Она пришла довольно поздно и держалась замкнуто. Однако она выслушала все, что я ей сказал о моей раздражительности, обиде, разочаровании, агрессивности и о той ловушке, в которую я попал, а когда мы легли в постель и я потянулся к ней, она меня не оттолкнула. Ее объятия были сдержанными, но, когда мы уже стали засыпать, она снова обняла меня. Я был безмерно рад.
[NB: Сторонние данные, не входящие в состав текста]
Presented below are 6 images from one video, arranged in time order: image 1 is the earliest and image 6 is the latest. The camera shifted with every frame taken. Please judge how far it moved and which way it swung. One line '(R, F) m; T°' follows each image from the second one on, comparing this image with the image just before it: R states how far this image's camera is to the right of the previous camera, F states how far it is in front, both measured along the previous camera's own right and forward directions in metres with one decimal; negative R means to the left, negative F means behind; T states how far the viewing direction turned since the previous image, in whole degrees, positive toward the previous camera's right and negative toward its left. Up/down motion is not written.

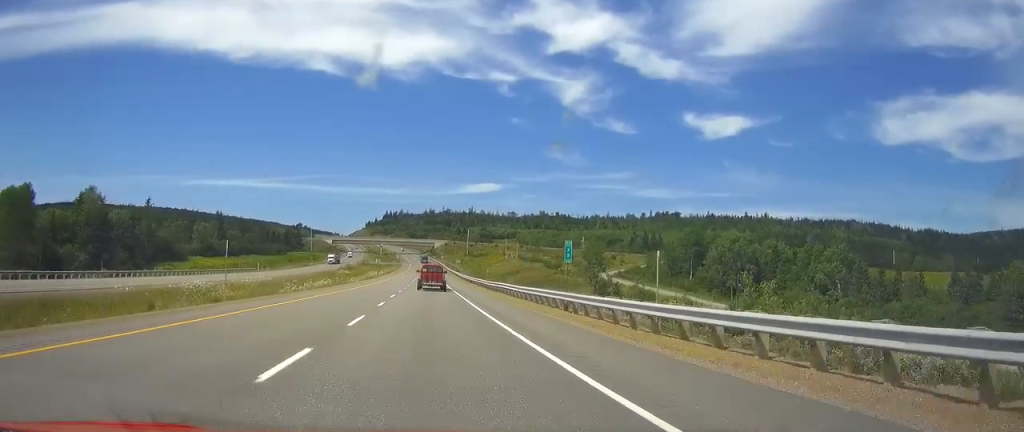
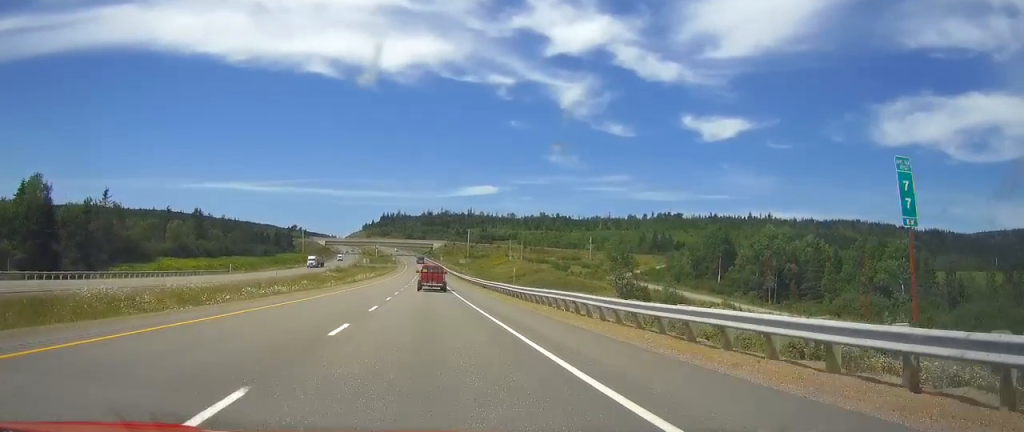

Одновременно я понимал, что не выкарабкался из своей ловушки, но должен из нее выбраться, если хочу, чтобы у нас все ладилось.

18

Мы больше не ссорились. Я агрессивно реагировал абсолютно на все: на порвавшиеся шнурки, на дворники, плохо очищавшие ветровое стекло машины, на пассажиров, толпившихся на ступенях вокзала и мешавших выходу на перрон, на секретаршу, забывшую написать письмо, на собственные руки, которые никак не могли справиться с тем, чтобы заменить ремешок на часах. Иногда мне казалось, что я лопну от злости на отвратительные, коварные мелочи жизни. Однако моя агрессия не распространялась на Барбару. Мы спали вместе, ласкали друг друга, разговаривали.

Однажды в издательство пришла мама. Она еще ни разу здесь не появлялась, и она подчеркивала этот факт, всему удивляясь и восторгаясь, чтобы отодвинуть объяснение причины, по которой сюда пришла. Наконец мы сели у меня в кабинете и стали пить кофе.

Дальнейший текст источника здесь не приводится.